Correct. I am used to programming language threads that work the way computer scientists and programmers have typically described them -- for example, as in this (I hope uncontroversial) Wikipedia article:

http://en.wikipedia.org/wiki/Thread_(computer_science)

When I say "standard model of threading", I am not talking about nuances of call conventions to the underlying OS thread primitives. I am talking simply about running multiple streams of instructions, bytecodes, or other units of computation in parallel, within a single OS process.


That Wikipedia article defines threads in terms of operating systems. Only one small part of that article concerns how threads are exposed to programming languages.

You can't talk about running multiple streams of instructions or bytecodes in parallel without talking about the nuances of how they share memory. Semantics of a multithreaded memory model are a highly "opinionated" thing -- there are lots of possible ways to define it, and the definition can have widespread effects on efficiency, ease of programming, and the guarantees that the runtime can provide.

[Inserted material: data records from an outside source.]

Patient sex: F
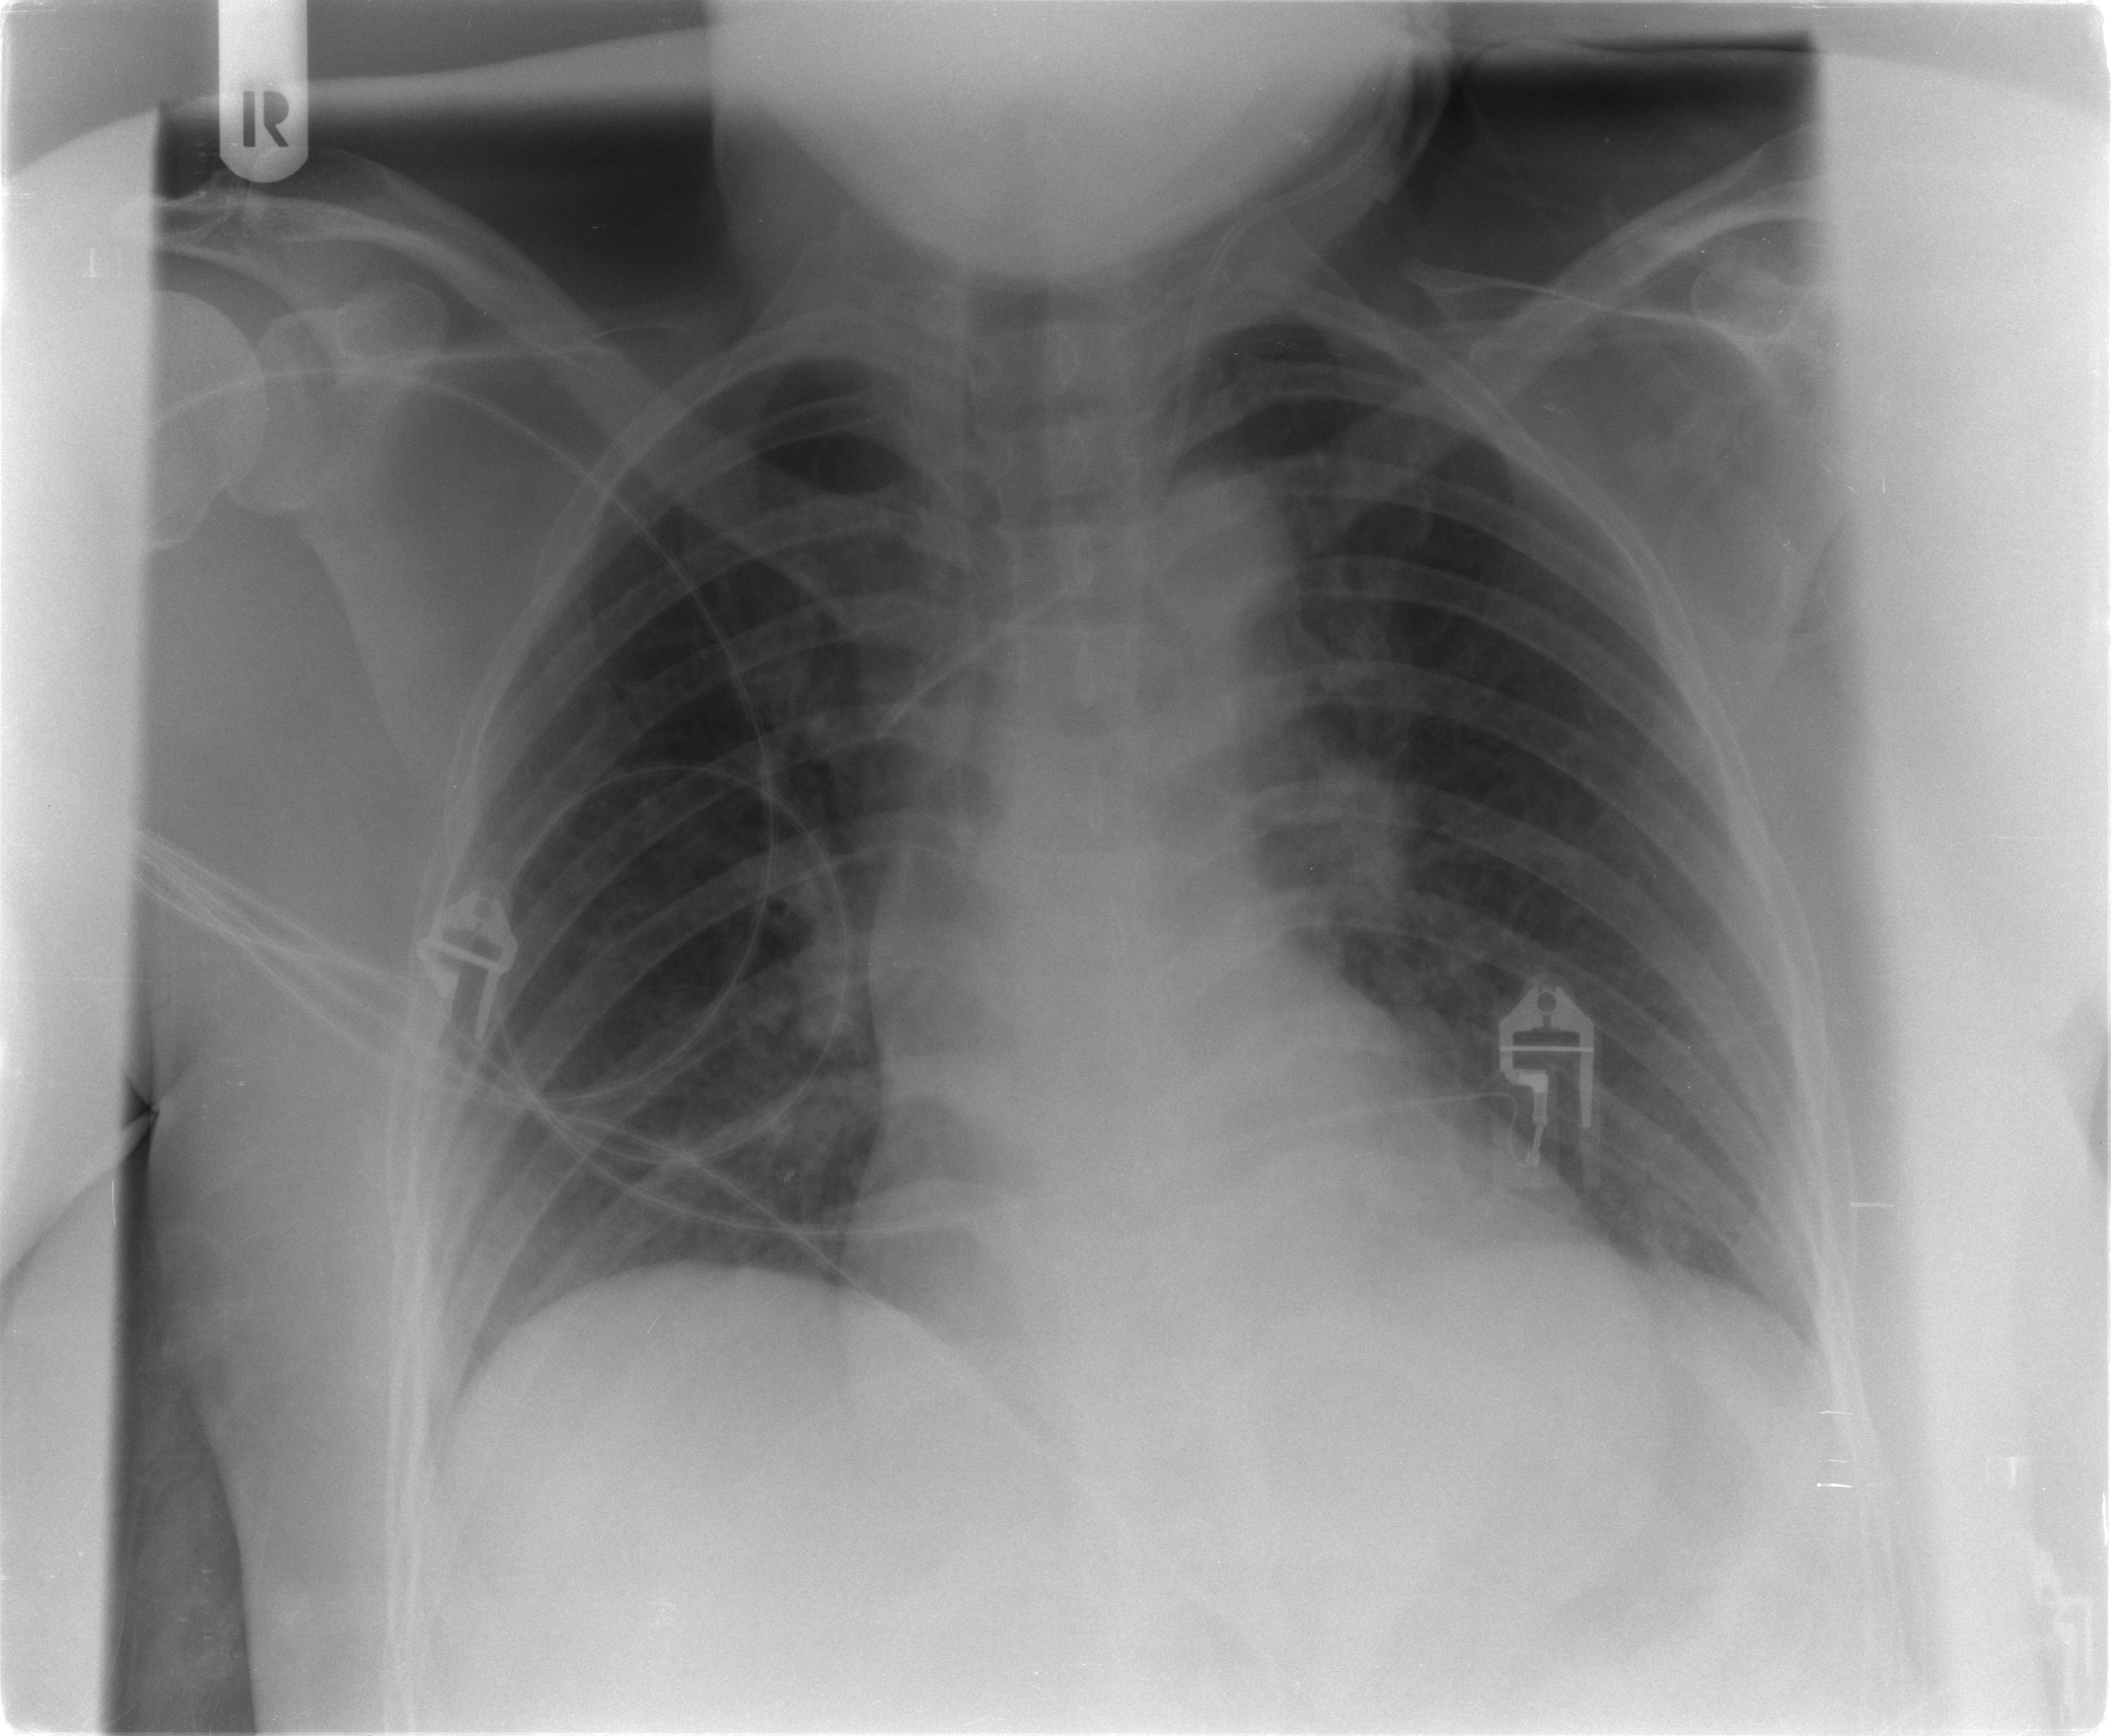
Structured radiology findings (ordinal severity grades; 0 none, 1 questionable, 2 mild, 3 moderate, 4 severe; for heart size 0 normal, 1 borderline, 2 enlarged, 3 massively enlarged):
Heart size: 1
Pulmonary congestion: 2
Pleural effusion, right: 0
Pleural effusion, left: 0
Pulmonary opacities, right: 0
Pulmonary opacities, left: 0
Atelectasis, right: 0
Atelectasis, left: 0
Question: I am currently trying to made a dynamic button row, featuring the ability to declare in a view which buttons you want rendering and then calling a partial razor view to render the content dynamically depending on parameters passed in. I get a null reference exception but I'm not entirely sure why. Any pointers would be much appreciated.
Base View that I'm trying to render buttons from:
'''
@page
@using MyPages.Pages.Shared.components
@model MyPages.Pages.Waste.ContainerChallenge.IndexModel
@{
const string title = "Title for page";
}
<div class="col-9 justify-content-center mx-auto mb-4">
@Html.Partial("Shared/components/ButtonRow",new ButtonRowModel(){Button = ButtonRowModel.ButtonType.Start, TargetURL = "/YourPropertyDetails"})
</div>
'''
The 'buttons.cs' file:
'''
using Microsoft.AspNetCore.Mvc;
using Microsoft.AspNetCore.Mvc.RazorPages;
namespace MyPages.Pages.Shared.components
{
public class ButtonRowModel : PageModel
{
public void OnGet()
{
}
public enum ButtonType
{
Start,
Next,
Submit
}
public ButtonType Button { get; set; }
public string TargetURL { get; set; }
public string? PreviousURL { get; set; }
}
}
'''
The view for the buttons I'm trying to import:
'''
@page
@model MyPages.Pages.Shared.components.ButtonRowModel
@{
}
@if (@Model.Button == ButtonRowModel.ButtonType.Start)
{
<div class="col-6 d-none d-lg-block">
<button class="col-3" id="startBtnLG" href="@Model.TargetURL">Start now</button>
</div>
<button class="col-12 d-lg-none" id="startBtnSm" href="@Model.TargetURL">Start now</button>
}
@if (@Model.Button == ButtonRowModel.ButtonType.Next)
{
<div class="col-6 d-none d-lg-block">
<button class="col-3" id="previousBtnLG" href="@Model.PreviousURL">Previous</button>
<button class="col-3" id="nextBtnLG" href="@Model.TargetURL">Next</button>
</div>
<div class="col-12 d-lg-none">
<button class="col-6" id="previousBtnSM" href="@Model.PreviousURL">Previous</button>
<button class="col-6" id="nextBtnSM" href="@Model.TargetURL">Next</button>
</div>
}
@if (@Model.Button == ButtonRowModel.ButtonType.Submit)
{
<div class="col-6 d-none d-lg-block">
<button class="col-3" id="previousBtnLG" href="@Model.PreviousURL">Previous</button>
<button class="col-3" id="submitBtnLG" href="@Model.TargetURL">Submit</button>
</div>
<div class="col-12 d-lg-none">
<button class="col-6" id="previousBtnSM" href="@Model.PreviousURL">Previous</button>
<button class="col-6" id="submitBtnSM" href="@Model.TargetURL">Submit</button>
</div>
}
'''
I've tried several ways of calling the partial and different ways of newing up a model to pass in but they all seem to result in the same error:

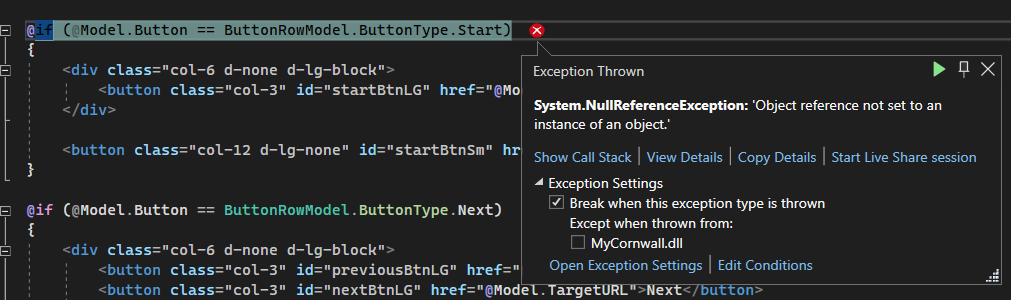
Answer: You define 'Partial View' in the wrong way. according to the Microsoft document, the 'Partial View' is '.cshtml' file without an @page directive.
> Partial View is a Razor markup file (.cshtml) without an @page
directive that renders HTML output within another markup file's
rendered output.
Document link:
<URL>
On the other hand, 'PageModel' used for creating 'Razor Page' code behind and is not suitable for creating a model for 'Partial View' or any other type of view. a simple class do the job for you. apply these changes and your code will work like champ.
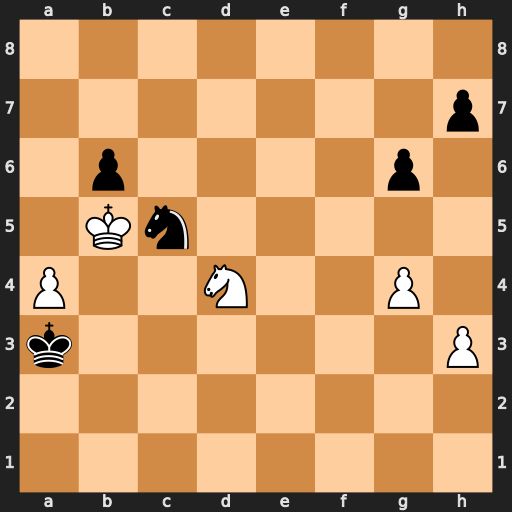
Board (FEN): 8/7p/1p4p1/1Kn5/P2N2P1/k6P/8/8
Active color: w
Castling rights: -
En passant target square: -
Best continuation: a5 bxa5 Kxc5
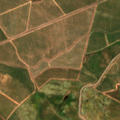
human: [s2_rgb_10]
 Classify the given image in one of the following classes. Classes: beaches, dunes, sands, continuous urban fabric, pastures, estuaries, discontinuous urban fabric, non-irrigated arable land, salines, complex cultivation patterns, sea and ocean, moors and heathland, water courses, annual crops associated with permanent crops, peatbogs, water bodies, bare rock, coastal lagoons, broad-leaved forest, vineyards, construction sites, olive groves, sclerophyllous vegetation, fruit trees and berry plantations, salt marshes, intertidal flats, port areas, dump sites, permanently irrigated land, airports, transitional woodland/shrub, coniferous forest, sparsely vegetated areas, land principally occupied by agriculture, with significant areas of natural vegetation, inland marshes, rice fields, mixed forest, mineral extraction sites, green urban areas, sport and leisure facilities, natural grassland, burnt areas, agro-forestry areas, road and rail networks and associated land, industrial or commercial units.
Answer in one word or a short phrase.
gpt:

For example, an important aspect of a Python memory model would be that no Python program can SEGV the interpreter due to a race condition.

I recommend the following reading to get an appreciation for how much really goes into a memory model and how far from "simple" or "standard" it is:

  http://en.wikipedia.org/wiki/Memory_model_(computing)
  http://en.wikipedia.org/wiki/Java_Memory_Model
  http://www.kernel.org/doc/Documentation/memory-barriers.txt
Python is a lot harder to define a good memory model for than say Java, because in Python lists and dictionaries are primitive objects. If you say:

  x['A'] = 1
...that is a single operation that must not corrupt the dictionary, even if multiple concurrent threads are mutating it. In practice, this means that you need to either make every such mutation wrapped in a lock (which adds a lot of locking overhead) or you need to use lock-free data structures (which are still relatively experimental and architecture-specific).


I agree that a so-called dynamic language like Python is at something of a disadvantage because it must make atomicity guarantees that lower-level languages like C need not.

I still don't think it's reasonable to conclude that typical programmers are fine with their threads not really running in parallel, or that the GIL isn't worth bothering to fix, even though fixing it would be hard. In my original post yesterday, I pointed out that as the language footprint has grown, Python's disadvantage in this respect has increased: it is much harder to remove the GIL now than it was in, say, the 1.5 era when there actually was a (problematic) GIL removal patch.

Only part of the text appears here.